What the task requires: The response should consist of the data reproduced word for word.
BEGIN Data records
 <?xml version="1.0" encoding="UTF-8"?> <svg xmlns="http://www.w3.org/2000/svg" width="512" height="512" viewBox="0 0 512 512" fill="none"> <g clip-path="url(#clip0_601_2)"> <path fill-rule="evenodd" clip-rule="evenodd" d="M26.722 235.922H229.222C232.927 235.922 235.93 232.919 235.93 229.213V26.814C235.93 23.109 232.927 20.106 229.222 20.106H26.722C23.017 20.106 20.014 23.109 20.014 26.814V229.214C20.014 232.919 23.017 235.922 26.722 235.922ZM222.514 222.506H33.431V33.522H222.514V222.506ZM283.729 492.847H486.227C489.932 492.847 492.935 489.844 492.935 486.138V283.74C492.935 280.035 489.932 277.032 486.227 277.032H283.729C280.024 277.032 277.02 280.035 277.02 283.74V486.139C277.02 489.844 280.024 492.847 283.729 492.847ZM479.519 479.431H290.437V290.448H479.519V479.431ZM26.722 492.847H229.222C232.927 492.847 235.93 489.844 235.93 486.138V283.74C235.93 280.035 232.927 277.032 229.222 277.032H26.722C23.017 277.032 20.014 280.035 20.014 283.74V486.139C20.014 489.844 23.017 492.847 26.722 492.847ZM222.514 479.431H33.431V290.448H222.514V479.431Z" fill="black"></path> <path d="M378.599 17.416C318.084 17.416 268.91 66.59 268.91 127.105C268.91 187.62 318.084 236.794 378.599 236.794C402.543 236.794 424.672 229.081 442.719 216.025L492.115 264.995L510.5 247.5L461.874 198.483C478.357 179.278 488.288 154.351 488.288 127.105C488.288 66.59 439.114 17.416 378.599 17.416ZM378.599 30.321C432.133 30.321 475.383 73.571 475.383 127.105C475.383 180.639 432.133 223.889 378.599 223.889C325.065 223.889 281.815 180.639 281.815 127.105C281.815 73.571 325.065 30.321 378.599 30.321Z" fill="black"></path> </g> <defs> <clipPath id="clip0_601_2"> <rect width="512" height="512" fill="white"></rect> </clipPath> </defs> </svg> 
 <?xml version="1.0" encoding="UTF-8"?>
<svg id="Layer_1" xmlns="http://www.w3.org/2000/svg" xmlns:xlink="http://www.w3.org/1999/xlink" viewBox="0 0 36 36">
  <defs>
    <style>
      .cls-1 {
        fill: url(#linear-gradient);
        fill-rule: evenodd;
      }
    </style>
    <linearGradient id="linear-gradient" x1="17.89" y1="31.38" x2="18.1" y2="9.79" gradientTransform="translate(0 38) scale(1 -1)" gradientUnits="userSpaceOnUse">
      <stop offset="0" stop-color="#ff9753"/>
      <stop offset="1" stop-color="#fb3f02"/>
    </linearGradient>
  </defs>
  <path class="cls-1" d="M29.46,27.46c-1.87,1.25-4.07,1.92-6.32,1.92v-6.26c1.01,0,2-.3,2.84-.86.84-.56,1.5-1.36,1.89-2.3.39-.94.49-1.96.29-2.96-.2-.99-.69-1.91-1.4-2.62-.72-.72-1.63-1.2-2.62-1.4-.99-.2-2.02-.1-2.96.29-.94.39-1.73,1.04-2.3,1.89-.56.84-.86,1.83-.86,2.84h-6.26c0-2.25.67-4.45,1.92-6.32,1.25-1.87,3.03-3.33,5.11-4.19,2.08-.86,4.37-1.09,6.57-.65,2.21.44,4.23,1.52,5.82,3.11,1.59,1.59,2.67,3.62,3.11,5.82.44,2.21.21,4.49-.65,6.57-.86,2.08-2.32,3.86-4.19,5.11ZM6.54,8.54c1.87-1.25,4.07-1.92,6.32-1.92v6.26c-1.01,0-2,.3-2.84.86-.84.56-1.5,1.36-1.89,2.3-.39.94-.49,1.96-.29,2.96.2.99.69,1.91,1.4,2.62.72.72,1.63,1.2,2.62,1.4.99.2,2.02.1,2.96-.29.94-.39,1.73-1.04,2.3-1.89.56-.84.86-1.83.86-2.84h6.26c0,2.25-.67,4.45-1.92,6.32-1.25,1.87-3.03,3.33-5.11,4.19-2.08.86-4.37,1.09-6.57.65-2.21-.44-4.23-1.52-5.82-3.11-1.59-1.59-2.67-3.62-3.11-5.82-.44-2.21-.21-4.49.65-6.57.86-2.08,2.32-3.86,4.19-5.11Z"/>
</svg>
END Data records
Exercise response:
 <?xml version="1.0" encoding="UTF-8"?> <svg xmlns="http://www.w3.org/2000/svg" width="512" height="512" viewBox="0 0 512 512" fill="none"> <g clip-path="url(#clip0_601_2)"> <path fill-rule="evenodd" clip-rule="evenodd" d="M26.722 235.922H229.222C232.927 235.922 235.93 232.919 235.93 229.213V26.814C235.93 23.109 232.927 20.106 229.222 20.106H26.722C23.017 20.106 20.014 23.109 20.014 26.814V229.214C20.014 232.919 23.017 235.922 26.722 235.922ZM222.514 222.506H33.431V33.522H222.514V222.506ZM283.729 492.847H486.227C489.932 492.847 492.935 489.844 492.935 486.138V283.74C492.935 280.035 489.932 277.032 486.227 277.032H283.729C280.024 277.032 277.02 280.035 277.02 283.74V486.139C277.02 489.844 280.024 492.847 283.729 492.847ZM479.519 479.431H290.437V290.448H479.519V479.431ZM26.722 492.847H229.222C232.927 492.847 235.93 489.844 235.93 486.138V283.74C235.93 280.035 232.927 277.032 229.222 277.032H26.722C23.017 277.032 20.014 280.035 20.014 283.74V486.139C20.014 489.844 23.017 492.847 26.722 492.847ZM222.514 479.431H33.431V290.448H222.514V479.431Z" fill="black"></path> <path d="M378.599 17.416C318.084 17.416 268.91 66.59 268.91 127.105C268.91 187.62 318.084 236.794 378.599 236.794C402.543 236.794 424.672 229.081 442.719 216.025L492.115 264.995L510.5 247.5L461.874 198.483C478.357 179.278 488.288 154.351 488.288 127.105C488.288 66.59 439.114 17.416 378.599 17.416ZM378.599 30.321C432.133 30.321 475.383 73.571 475.383 127.105C475.383 180.639 432.133 223.889 378.599 223.889C325.065 223.889 281.815 180.639 281.815 127.105C281.815 73.571 325.065 30.321 378.599 30.321Z" fill="black"></path> </g> <defs> <clipPath id="clip0_601_2"> <rect width="512" height="512" fill="white"></rect> </clipPath> </defs> </svg> 
 <?xml version="1.0" encoding="UTF-8"?>
<svg id="Layer_1" xmlns="http://www.w3.org/2000/svg" xmlns:xlink="http://www.w3.org/1999/xlink" viewBox="0 0 36 36">
  <defs>
    <style>
      .cls-1 {
        fill: url(#linear-gradient);
        fill-rule: evenodd;
      }
    </style>
    <linearGradient id="linear-gradient" x1="17.89" y1="31.38" x2="18.1" y2="9.79" gradientTransform="translate(0 38) scale(1 -1)" gradientUnits="userSpaceOnUse">
      <stop offset="0" stop-color="#ff9753"/>
      <stop offset="1" stop-color="#fb3f02"/>
    </linearGradient>
  </defs>
  <path class="cls-1" d="M29.46,27.46c-1.87,1.25-4.07,1.92-6.32,1.92v-6.26c1.01,0,2-.3,2.84-.86.84-.56,1.5-1.36,1.89-2.3.39-.94.49-1.96.29-2.96-.2-.99-.69-1.91-1.4-2.62-.72-.72-1.63-1.2-2.62-1.4-.99-.2-2.02-.1-2.96.29-.94.39-1.73,1.04-2.3,1.89-.56.84-.86,1.83-.86,2.84h-6.26c0-2.25.67-4.45,1.92-6.32,1.25-1.87,3.03-3.33,5.11-4.19,2.08-.86,4.37-1.09,6.57-.65,2.21.44,4.23,1.52,5.82,3.11,1.59,1.59,2.67,3.62,3.11,5.82.44,2.21.21,4.49-.65,6.57-.86,2.08-2.32,3.86-4.19,5.11ZM6.54,8.54c1.87-1.25,4.07-1.92,6.32-1.92v6.26c-1.01,0-2,.3-2.84.86-.84.56-1.5,1.36-1.89,2.3-.39.94-.49,1.96-.29,2.96.2.99.69,1.91,1.4,2.62.72.72,1.63,1.2,2.62,1.4.99.2,2.02.1,2.96-.29.94-.39,1.73-1.04,2.3-1.89.56-.84.86-1.83.86-2.84h6.26c0,2.25-.67,4.45-1.92,6.32-1.25,1.87-3.03,3.33-5.11,4.19-2.08.86-4.37,1.09-6.57.65-2.21-.44-4.23-1.52-5.82-3.11-1.59-1.59-2.67-3.62-3.11-5.82-.44-2.21-.21-4.49.65-6.57.86-2.08,2.32-3.86,4.19-5.11Z"/>
</svg>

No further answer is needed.